A role for heme in Alzheimer's disease:: Heme binds amyloid β and has altered metabolism

Heme is a common factor linking several metabolic perturbations in Alzheimer's disease (AD), including iron metabolism, mitochondrial complex IV, heme oxygenase, and bilirubin. Therefore, we determined whether heme metabolism was altered in temporal lobes obtained at autopsy from AD patients and age-matched nondemented subjects. AD brain demonstrated 2.5-fold more heme-b (P < 0.01) and 26% less heme-a (P = 0.16) compared with controls, resulting in a highly significant 2.9-fold decrease in heme-a/heme-b ratio (P < 0.001). Moreover, the strong Pearson correlation between heme-a and heme-b measured in control individuals (r(2) = 0.66, P < 0.002, n = 11) was abolished in AD subjects (r(2) = 0.076, P = 0.39, n = 12).
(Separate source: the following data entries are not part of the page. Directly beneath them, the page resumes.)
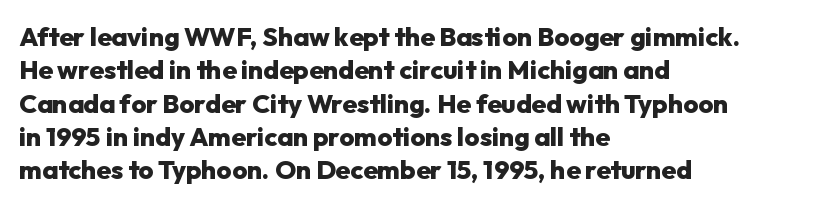
The image shows 26 px bold type, upright; set left-aligned, normal line spacing (1.28x), normal letter spacing, not underlined.
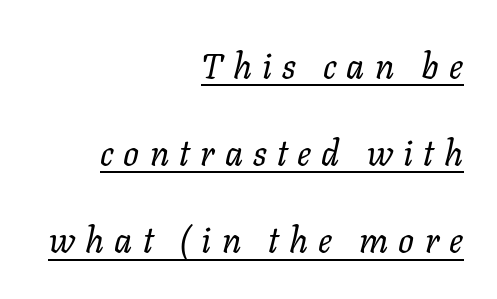
Underlining? Definitely there. Baseline-to-baseline distance is far greater than the letter height. Each line ends at the same right margin while the left side varies. Letter spacing: wide.
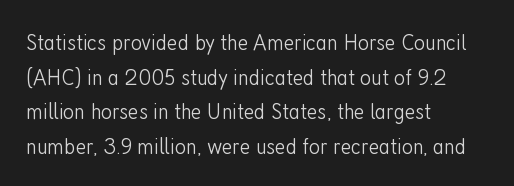
Q: Is the text bold? A: No.
Q: Is the text italic (slanted)? A: No, it is upright.
Q: Is the text underlined? A: No.
Q: How is the paragraph aligned? A: Left-aligned.
Q: Is the spacing between letters normal or unusually wide? A: Normal.
Q: Is the spacing between lines tight, normal or loose? A: Normal.
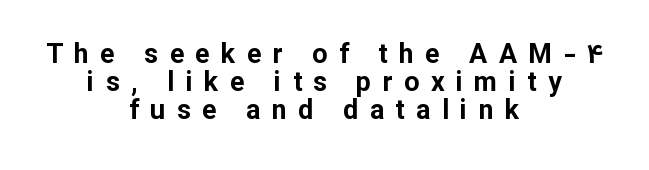
In CSS terms this would be text-align: center. Unmarked baselines from the first word to the last. The typesetting leans heavy: a genuine bold. Compared with typical paragraphs, the rows here are closer together. Letter spacing: wide. Posture: vertical.
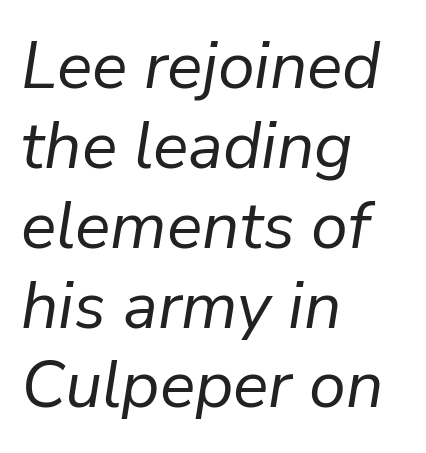
Look at the tracking — it's just the regular setting, nothing added. The strokes are not fattened; the text isn't bold. Glance below the letters and you will spot only blank space. The face used here has a pronounced slope to its letters. Note the varied advance widths — an 'i' is clearly narrower than an 'm'. All the whitespace from short lines collects on the right.
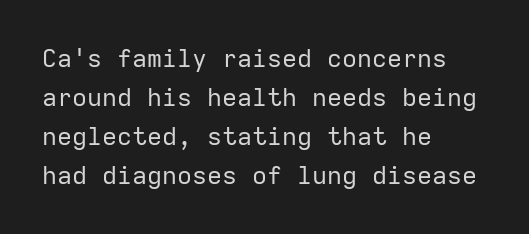
The space between consecutive lines is moderate. In terms of letterspacing, this is plain default setting. This rendering features lettering with no underline. Is the stroke heavy? The answer is a plain regular-or-lighter.
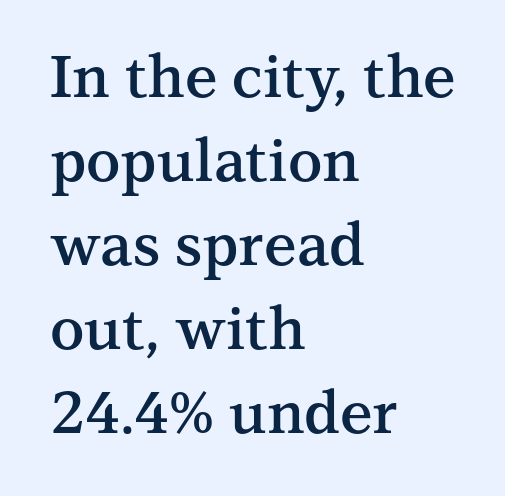
Q: Is the text bold? A: Semi-bold.
Q: Is the text italic (slanted)? A: No, it is upright.
Q: Is the typeface a serif or a sans-serif typeface? A: Serif.
Q: Is the text underlined? A: No.
Q: How is the paragraph aligned? A: Left-aligned.
Q: Is the spacing between letters normal or unusually wide? A: Normal.
Q: Is the spacing between lines tight, normal or loose? A: Normal.
Q: Width (condensed, normal, or wide)? A: Normal.
Q: Stroke contrast? A: Medium.
Q: x-height? A: Medium.
Q: Monospaced? A: No.
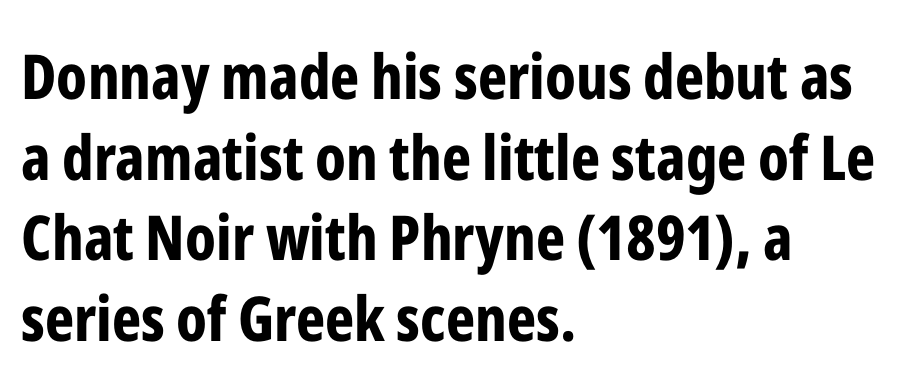
Does the type have serifs? No, each stem ends abruptly. Every stem runs plumb, perpendicular to the baseline. I'd describe the lettering as bold — thick and assertive. Teacher's note: observe the even left margin — that is flush-left alignment.
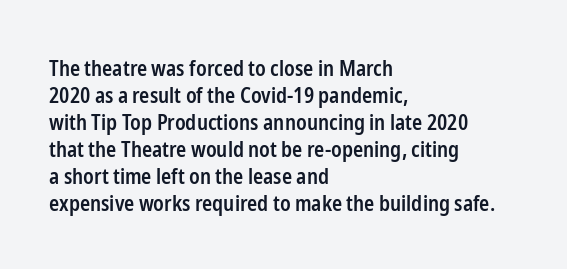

The level of ferrochelatase (which makes heme-b in the mitochondrial matrix) in AD subjects was 4.2 times (P < 0.04) that in nondemented controls, suggesting up-regulated heme synthesis. To look for a possible connection between these observations and established mechanisms in AD pathology, we examined possible interactions between amyloid is (Abeta) and heme. Abeta((1-40)) and Abeta((1-42)) induced a redshift of 15-20 nm in the spectrum of heme-b and heme-a suggesting that heme binds Abeta, likely to one or more of the histidine residues. Lastly, in a tissue culture model, we found that clioquinol, a metal chelator in clinical trials for AD therapy, decreased intracellular heme. In light of these observations, we have proposed a model of AD pathobiology in which intracellular Abeta complexes with free heme, thereby decreasing its bioavailability (e.g., heme-a) and resulting in functional heme deficiency. The model integrates disparate observations, including Abeta, mitochondrial dysfunction, cholesterol, and the proposed efficacy of clioquinol.